Full-cost ceiling impairment. At June 30, 2020, the net capitalized costs of our oil and natural gas properties less related deferred income taxes exceeded the full-cost ceiling by $243.9 million. As a result, we recorded an impairment charge of $324.0 million to the net capitalized costs of our oil and natural gas properties and a deferred income tax benefit of $80.1 million. This full-cost ceiling impairment of $324.0 million is reflected in our interim unaudited condensed consolidated statement of operations for the three months ended June 30, 2020. No impairment to the net carrying value of our oil and natural gas properties and no corresponding charge resulting from a full-cost ceiling impairment were recorded for the three months ended March 31, 2020 or for the six months ended June 30, 2019. In determining the full-cost ceiling impairment at June 30, 2020, we estimated the PV-10 of our total proved oil and natural gas reserves using the unweighted arithmetic average of oil and natural gas prices as of the first day of each month for the trailing 12-month period ended June 30, 2020, as required under the guidelines established by the SEC, which were $43.60 per Bbl and $2.07 per MMBtu, respectively.

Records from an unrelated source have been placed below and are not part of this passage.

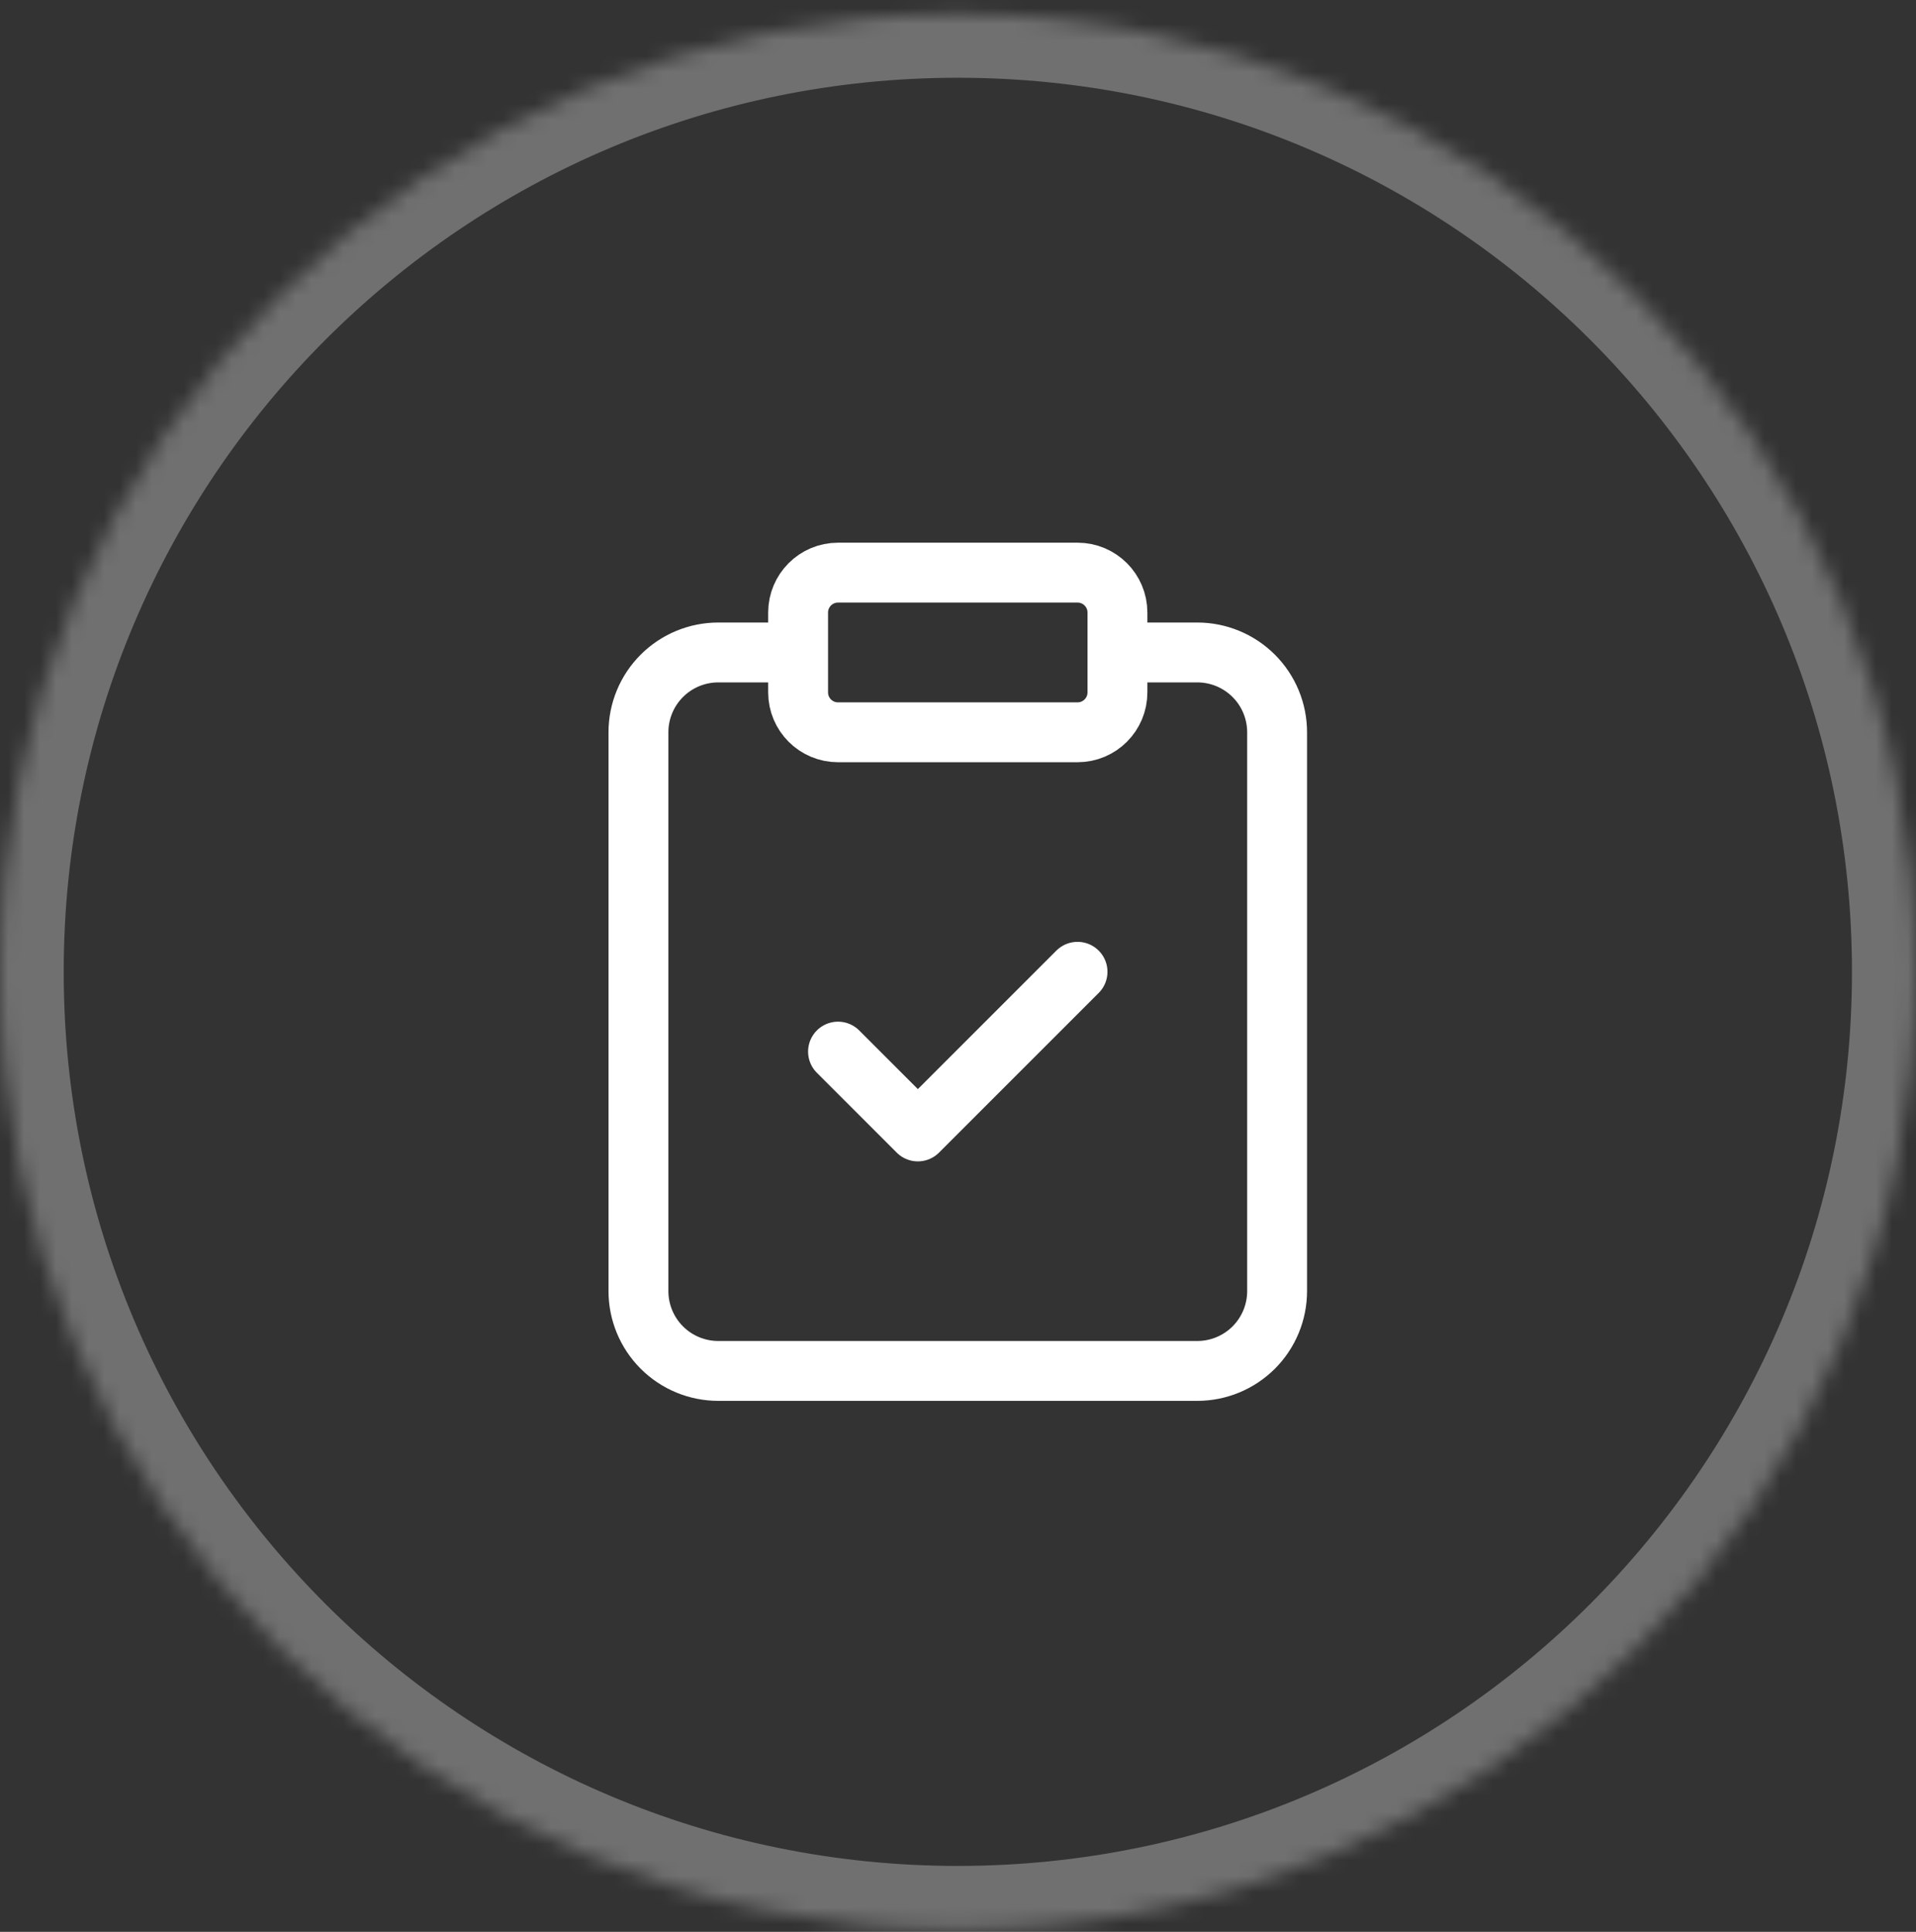 <svg width="120" height="121" viewBox="0 0 120 121" fill="none" xmlns="http://www.w3.org/2000/svg">
<rect x="0" y="0" width="120" height="121" fill="#333333" stroke="none"/>
<mask id="path-1-inside-1_314_295" fill="white">
<path d="M-0.01 60.87C-0.01 27.733 26.853 0.87 59.99 0.87C93.127 0.87 119.99 27.733 119.99 60.87C119.99 94.007 93.127 120.87 59.99 120.87C26.853 120.87 -0.01 94.007 -0.01 60.87Z"/>
</mask>
<path d="M59.99 116.87C29.062 116.87 3.99 91.798 3.99 60.87H-4.01C-4.01 96.216 24.644 124.87 59.99 124.87V116.87ZM115.99 60.87C115.99 91.798 90.918 116.87 59.99 116.87V124.87C95.337 124.87 123.99 96.216 123.99 60.87H115.99ZM59.99 4.87C90.918 4.87 115.99 29.942 115.99 60.87H123.99C123.99 25.524 95.337 -3.13 59.99 -3.13V4.87ZM59.99 -3.13C24.644 -3.13 -4.01 25.524 -4.01 60.87H3.99C3.99 29.942 29.062 4.87 59.99 4.87V-3.13Z" fill="white" fill-opacity="0.3" mask="url(#path-1-inside-1_314_295)"/>
<g clip-path="url(#clip0_314_295)">
<g clip-path="url(#clip1_314_295)">
<path d="M69.986 40.866H74.986C76.312 40.866 77.584 41.393 78.522 42.331C79.46 43.268 79.986 44.54 79.986 45.866V80.866C79.986 82.192 79.46 83.464 78.522 84.402C77.584 85.339 76.312 85.866 74.986 85.866H44.986C43.66 85.866 42.388 85.339 41.451 84.402C40.513 83.464 39.986 82.192 39.986 80.866V45.866C39.986 44.54 40.513 43.268 41.451 42.331C42.388 41.393 43.66 40.866 44.986 40.866H49.986M52.486 65.866L57.486 70.866L67.486 60.866M52.486 35.866H67.486C68.867 35.866 69.986 36.986 69.986 38.366V43.366C69.986 44.747 68.867 45.866 67.486 45.866H52.486C51.106 45.866 49.986 44.747 49.986 43.366V38.366C49.986 36.986 51.106 35.866 52.486 35.866Z" stroke="white" stroke-width="3.75" stroke-linecap="round" stroke-linejoin="round"/>
</g>
</g>
<defs>
<clipPath id="clip0_314_295">
<rect width="60" height="60" fill="white" transform="translate(29.99 30.87)"/>
</clipPath>
<clipPath id="clip1_314_295">
<rect width="60" height="60" fill="white" transform="translate(29.99 30.87)"/>
</clipPath>
</defs>
</svg>

General and administrative. Our general and administrative expenses decreased $7.2 million, or 19%, to $30.9 million for the six months ended June 30, 2020, as compared to $38.2 million for the six months ended June 30, 2019. This decrease was primarily attributable to cost reductions initially implemented during the three months ended March 31, 2020, including headcount and employee salary reductions, that were more fully realized during the three months ended June 30, 2020. Our general and administrative expenses decreased 32% on a unit-of-production basis to $2.35 per BOE for the six months ended June 30, 2020, as compared to $3.48 per BOE for the six months ended June 30, 2019, which was further attributable to the
29

Table of Contents
20% increase in our total oil equivalent production to 13.1 million BOE for the six months ended June 30, 2020, as compared to 11.0 million BOE for the six months ended June 30, 2019.
Interest expense. For the six months ended June 30, 2020, we incurred total interest expense of $41.3 million. We capitalized $3.2 million of our interest expense on certain qualifying projects for the six months ended June 30, 2020 and expensed the remaining $38.1 million to operations. For the six months ended June 30, 2019, we incurred total interest expense of $40.2 million. We capitalized $4.2 million of our interest expense on certain qualifying projects for the six months ended June 30, 2019 and expensed the remaining $36.0 million to operations.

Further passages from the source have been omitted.